======== RECORDS PROVIDED
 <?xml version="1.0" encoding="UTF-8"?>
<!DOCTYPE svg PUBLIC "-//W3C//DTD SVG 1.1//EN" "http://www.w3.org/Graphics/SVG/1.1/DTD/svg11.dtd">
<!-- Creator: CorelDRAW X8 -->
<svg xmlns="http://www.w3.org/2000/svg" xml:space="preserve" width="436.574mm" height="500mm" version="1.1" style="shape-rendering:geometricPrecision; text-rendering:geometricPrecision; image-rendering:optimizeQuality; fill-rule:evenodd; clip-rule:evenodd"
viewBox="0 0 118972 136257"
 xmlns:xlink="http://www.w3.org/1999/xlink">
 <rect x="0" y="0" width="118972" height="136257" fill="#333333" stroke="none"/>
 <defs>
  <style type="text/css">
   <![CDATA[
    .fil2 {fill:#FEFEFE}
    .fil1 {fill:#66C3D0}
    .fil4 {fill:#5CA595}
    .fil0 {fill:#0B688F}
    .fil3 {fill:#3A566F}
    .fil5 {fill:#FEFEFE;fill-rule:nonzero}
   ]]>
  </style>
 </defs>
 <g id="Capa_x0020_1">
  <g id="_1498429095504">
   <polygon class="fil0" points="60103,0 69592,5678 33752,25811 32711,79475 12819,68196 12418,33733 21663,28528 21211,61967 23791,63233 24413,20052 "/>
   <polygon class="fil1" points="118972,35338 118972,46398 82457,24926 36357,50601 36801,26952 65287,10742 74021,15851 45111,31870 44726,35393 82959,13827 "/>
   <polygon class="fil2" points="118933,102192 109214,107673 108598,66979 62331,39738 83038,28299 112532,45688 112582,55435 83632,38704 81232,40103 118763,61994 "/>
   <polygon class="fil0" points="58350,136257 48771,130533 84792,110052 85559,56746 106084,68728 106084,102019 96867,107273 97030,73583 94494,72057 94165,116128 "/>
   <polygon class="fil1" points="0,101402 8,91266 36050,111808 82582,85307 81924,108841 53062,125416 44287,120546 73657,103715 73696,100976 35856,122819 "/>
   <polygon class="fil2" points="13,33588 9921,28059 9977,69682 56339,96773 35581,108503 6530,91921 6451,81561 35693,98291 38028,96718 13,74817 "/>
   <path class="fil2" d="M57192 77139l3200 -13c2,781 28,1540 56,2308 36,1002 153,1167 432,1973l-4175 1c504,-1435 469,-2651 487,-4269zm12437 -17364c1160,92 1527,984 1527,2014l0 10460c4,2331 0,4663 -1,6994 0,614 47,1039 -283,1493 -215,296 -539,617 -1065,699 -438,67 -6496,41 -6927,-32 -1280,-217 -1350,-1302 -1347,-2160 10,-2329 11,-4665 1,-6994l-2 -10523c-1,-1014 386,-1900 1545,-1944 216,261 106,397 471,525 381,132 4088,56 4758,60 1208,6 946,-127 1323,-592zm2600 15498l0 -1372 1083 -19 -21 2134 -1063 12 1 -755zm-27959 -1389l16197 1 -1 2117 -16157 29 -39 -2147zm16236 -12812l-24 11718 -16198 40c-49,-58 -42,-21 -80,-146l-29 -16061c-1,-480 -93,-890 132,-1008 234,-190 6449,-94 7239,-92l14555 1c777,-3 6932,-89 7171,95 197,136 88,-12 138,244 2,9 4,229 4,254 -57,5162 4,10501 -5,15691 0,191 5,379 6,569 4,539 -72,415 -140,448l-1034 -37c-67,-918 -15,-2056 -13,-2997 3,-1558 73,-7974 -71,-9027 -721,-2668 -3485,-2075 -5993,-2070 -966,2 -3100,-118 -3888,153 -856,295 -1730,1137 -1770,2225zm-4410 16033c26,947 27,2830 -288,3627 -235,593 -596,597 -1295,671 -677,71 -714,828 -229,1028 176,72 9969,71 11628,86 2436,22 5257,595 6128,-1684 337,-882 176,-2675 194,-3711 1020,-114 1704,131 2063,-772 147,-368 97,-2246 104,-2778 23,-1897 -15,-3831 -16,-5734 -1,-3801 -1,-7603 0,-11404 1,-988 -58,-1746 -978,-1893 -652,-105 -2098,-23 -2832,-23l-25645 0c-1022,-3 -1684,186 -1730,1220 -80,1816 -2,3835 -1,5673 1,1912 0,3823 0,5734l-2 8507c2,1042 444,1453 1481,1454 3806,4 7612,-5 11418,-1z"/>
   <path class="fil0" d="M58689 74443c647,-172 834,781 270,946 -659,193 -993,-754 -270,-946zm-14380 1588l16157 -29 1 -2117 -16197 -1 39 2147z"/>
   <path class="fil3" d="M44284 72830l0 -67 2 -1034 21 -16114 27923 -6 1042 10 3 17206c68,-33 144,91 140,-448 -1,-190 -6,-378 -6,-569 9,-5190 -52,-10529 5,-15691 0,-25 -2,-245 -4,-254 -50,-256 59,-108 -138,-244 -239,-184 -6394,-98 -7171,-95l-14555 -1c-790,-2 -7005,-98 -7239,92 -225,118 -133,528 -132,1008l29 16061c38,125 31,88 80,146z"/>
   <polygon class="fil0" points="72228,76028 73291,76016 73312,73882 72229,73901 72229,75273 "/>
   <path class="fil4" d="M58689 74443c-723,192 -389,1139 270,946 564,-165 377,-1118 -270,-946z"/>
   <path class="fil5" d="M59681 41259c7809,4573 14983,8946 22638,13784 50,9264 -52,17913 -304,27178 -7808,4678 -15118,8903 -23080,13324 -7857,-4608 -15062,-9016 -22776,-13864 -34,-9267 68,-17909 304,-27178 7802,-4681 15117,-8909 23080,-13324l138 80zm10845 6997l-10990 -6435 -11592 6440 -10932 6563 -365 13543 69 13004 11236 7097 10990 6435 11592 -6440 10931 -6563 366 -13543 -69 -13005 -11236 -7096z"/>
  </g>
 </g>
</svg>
================
● **EXERCISE AIM**: Each line above that has the word "http" should be copied.

● **THE COMPLETED TASK**:
<!DOCTYPE svg PUBLIC "-//W3C//DTD SVG 1.1//EN" "http://www.w3.org/Graphics/SVG/1.1/DTD/svg11.dtd">
<svg xmlns="http://www.w3.org/2000/svg" xml:space="preserve" width="436.574mm" height="500mm" version="1.1" style="shape-rendering:geometricPrecision; text-rendering:geometricPrecision; image-rendering:optimizeQuality; fill-rule:evenodd; clip-rule:evenodd"
 xmlns:xlink="http://www.w3.org/1999/xlink">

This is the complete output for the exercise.